» Exercise instructions:
Find out how many lines in the records have the string "polygon" in them, and state only that number.

Dataset items

__________________________________________________

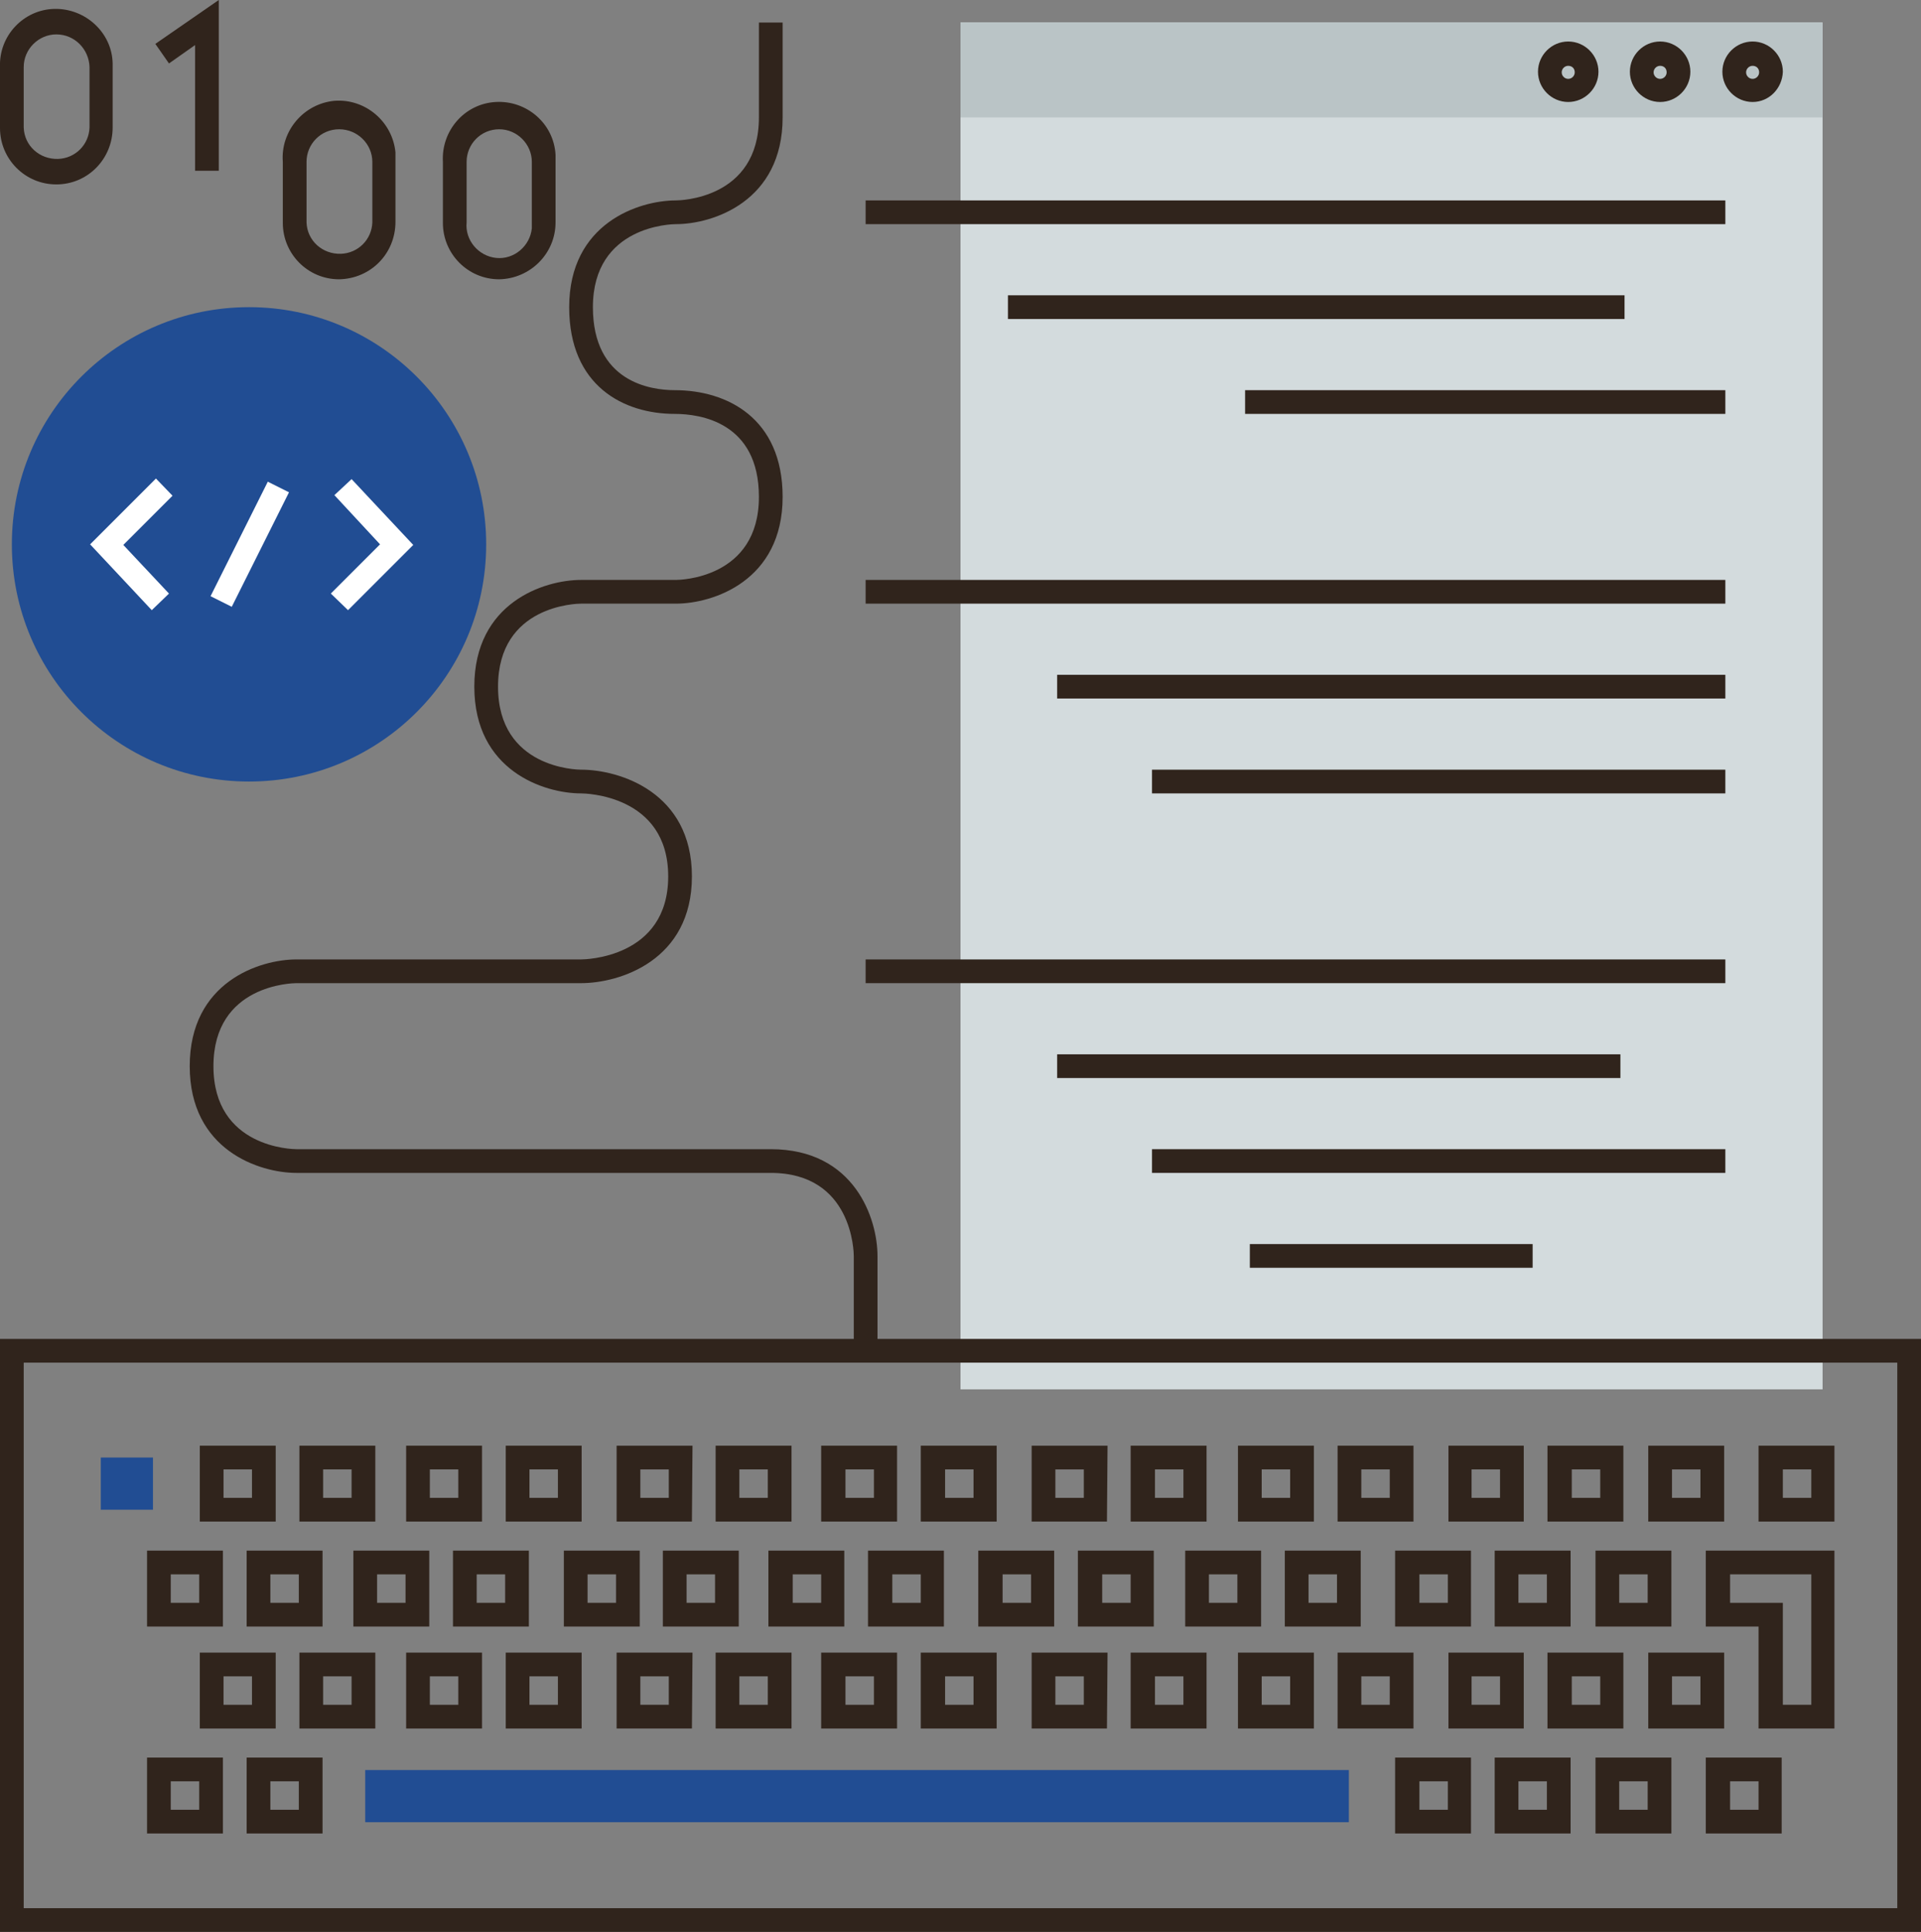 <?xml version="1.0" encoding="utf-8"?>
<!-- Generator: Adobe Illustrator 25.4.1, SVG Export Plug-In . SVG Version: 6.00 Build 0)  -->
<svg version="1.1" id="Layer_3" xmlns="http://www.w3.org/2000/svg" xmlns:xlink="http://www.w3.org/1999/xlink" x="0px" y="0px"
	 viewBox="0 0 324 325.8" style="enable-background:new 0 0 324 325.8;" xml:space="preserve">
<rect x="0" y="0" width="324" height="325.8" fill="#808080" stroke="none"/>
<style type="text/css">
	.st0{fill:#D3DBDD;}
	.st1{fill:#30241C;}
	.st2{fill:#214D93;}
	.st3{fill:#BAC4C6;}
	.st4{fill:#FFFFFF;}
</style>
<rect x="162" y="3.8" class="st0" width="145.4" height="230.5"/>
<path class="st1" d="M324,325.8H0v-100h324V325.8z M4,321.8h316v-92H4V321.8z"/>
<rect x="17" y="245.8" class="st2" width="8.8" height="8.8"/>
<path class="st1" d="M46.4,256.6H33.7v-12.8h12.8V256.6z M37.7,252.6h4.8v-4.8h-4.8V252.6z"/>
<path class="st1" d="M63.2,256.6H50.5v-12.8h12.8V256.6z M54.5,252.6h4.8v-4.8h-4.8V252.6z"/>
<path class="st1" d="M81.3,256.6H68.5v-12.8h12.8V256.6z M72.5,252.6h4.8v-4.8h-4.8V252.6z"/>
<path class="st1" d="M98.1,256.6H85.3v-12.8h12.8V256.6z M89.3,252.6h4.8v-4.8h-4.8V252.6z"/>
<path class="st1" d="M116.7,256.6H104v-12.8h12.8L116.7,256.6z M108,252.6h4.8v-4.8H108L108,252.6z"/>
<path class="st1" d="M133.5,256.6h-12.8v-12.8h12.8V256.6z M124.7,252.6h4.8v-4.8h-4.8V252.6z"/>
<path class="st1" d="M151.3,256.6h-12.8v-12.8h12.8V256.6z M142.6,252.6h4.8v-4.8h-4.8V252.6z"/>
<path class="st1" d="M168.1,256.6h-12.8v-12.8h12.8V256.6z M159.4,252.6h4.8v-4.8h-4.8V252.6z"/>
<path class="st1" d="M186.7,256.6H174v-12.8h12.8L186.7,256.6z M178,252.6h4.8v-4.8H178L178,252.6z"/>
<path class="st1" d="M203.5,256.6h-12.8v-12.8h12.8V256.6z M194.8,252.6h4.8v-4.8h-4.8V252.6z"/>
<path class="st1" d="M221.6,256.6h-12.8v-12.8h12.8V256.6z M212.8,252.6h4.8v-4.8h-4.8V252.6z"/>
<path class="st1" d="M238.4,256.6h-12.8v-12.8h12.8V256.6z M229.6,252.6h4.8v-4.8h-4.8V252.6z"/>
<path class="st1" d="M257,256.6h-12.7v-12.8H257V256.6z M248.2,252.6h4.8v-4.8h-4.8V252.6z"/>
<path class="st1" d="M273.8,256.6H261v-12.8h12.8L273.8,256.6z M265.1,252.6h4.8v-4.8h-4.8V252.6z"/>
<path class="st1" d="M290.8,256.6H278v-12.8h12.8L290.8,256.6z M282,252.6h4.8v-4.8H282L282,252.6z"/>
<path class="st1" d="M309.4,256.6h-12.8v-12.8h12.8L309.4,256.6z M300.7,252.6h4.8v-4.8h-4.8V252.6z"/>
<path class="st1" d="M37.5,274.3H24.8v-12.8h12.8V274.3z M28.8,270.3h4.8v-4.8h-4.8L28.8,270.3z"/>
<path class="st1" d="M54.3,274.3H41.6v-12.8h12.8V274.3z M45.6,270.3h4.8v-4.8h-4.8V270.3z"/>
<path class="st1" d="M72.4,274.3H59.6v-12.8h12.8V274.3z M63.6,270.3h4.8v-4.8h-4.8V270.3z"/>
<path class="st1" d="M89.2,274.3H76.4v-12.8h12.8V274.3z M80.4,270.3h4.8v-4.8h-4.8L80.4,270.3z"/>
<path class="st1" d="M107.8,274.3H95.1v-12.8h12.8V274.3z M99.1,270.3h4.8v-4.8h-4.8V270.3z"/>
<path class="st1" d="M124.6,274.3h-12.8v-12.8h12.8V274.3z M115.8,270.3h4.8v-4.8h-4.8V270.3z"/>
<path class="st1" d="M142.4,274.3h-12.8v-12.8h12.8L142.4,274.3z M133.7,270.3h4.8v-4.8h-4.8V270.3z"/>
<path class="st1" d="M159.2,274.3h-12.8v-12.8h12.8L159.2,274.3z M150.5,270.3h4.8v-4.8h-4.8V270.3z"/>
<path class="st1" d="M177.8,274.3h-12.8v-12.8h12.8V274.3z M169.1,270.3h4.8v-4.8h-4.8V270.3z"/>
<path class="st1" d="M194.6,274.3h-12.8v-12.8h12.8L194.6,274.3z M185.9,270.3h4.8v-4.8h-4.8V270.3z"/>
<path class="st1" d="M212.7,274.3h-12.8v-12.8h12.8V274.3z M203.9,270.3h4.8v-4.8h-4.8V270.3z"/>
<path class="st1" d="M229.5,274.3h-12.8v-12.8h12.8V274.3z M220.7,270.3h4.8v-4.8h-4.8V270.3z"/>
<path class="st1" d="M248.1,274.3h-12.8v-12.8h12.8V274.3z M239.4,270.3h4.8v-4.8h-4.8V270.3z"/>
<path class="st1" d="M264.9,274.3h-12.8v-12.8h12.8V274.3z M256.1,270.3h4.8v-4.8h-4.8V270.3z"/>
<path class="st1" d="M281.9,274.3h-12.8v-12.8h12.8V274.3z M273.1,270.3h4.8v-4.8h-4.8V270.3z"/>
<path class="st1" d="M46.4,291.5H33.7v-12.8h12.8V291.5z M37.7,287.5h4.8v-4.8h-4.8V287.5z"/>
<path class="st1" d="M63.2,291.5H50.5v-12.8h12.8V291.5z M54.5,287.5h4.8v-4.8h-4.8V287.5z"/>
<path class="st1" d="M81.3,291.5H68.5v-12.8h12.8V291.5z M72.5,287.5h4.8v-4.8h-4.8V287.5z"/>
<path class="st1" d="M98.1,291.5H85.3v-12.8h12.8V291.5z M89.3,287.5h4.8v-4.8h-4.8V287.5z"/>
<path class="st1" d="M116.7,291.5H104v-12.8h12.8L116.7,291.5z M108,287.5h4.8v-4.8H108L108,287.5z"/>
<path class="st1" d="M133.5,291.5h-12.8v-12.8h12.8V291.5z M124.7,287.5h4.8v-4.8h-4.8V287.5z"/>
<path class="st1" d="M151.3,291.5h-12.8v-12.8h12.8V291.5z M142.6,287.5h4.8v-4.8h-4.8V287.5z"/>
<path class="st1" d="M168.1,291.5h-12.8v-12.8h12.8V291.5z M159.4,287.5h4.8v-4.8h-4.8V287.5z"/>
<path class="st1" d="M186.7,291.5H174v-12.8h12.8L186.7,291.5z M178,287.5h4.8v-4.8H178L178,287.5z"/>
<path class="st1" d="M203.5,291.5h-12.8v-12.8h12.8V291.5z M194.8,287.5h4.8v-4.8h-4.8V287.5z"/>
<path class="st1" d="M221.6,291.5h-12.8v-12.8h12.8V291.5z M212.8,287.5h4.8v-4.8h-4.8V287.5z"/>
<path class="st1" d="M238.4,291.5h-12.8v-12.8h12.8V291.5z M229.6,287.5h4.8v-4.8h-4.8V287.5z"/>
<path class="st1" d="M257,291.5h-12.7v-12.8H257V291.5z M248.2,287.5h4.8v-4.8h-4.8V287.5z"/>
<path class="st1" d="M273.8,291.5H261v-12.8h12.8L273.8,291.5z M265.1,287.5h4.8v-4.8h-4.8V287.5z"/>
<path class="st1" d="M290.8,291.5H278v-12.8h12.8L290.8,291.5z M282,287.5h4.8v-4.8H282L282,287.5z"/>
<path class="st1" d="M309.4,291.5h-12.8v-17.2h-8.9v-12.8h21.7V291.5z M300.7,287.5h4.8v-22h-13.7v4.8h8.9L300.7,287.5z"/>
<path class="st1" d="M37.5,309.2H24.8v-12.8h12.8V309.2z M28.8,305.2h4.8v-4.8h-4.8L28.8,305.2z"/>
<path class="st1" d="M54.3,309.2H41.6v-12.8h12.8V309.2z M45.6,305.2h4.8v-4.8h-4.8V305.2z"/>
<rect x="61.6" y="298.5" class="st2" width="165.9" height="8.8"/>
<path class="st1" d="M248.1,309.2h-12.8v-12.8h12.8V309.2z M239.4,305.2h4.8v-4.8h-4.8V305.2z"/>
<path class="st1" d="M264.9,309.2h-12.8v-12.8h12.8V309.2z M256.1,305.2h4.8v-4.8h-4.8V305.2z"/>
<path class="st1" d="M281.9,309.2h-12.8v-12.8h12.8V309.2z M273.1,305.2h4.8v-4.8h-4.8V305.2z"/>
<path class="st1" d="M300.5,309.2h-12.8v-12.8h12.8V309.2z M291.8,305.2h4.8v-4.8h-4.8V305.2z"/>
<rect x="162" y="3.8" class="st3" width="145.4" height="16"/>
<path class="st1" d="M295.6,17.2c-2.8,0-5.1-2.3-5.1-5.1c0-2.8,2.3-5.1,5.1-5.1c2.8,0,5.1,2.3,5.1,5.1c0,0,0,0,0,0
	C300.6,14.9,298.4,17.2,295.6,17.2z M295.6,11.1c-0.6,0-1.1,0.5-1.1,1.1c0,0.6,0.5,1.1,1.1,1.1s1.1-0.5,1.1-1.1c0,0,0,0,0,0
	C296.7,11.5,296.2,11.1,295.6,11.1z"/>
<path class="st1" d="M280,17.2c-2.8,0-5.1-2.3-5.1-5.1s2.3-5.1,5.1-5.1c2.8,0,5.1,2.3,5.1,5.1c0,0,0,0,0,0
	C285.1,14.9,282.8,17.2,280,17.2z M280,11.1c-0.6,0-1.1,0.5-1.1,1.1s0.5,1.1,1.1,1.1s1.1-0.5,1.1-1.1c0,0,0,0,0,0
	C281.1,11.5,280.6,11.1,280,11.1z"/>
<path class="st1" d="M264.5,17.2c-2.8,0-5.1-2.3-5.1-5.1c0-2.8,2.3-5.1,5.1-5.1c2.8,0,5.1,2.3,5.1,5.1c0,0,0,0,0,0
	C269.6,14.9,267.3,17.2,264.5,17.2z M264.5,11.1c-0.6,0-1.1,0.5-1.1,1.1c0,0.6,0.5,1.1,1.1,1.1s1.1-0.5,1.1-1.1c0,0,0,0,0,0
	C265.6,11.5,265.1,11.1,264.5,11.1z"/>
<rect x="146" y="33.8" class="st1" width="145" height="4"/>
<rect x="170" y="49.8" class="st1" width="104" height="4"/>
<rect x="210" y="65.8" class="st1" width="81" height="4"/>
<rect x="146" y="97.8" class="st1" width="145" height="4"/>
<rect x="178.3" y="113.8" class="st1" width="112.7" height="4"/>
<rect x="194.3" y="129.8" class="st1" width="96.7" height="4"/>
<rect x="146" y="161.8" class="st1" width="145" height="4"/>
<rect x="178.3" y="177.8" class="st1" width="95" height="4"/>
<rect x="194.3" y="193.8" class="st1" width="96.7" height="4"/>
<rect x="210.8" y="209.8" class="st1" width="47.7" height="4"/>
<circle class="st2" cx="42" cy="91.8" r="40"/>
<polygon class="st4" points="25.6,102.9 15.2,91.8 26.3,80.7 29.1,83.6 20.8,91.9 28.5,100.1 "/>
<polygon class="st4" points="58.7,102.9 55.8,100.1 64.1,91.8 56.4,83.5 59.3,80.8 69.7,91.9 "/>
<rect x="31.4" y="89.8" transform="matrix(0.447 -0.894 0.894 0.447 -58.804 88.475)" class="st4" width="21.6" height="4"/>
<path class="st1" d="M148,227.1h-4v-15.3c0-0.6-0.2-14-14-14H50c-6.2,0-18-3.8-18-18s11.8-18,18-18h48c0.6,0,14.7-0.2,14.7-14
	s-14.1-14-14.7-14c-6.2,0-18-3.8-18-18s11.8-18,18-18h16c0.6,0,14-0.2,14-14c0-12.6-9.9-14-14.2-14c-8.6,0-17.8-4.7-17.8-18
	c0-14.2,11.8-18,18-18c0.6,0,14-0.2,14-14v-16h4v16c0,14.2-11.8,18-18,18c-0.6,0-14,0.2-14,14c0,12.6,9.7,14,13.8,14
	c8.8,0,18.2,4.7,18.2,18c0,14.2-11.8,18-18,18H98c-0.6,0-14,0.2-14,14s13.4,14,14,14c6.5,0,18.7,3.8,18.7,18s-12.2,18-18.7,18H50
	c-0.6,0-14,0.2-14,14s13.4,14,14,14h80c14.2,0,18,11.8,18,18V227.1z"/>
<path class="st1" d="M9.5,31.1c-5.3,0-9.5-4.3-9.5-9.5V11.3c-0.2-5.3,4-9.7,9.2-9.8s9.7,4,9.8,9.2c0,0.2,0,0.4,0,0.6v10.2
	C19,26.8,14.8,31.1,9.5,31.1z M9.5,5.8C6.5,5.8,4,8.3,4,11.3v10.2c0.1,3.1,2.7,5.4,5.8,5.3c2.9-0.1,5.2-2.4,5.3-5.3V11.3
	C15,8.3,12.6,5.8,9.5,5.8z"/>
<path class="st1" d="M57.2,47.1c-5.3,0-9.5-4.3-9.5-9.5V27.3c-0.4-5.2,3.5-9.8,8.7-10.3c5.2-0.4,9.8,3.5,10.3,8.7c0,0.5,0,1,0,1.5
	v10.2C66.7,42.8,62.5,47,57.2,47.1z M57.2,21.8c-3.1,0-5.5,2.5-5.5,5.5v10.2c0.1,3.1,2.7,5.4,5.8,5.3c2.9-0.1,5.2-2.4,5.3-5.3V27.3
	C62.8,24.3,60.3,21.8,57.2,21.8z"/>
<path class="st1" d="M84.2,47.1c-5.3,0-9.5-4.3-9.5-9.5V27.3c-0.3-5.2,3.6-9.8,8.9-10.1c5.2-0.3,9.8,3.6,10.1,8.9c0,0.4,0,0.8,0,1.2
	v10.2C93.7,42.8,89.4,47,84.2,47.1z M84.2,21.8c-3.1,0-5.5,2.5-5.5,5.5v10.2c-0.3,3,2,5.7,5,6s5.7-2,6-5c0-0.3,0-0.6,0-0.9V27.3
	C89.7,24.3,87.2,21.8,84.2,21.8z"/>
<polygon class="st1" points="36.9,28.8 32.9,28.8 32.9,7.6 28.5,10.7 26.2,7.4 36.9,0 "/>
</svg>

__________________________________________________

» Reply:
3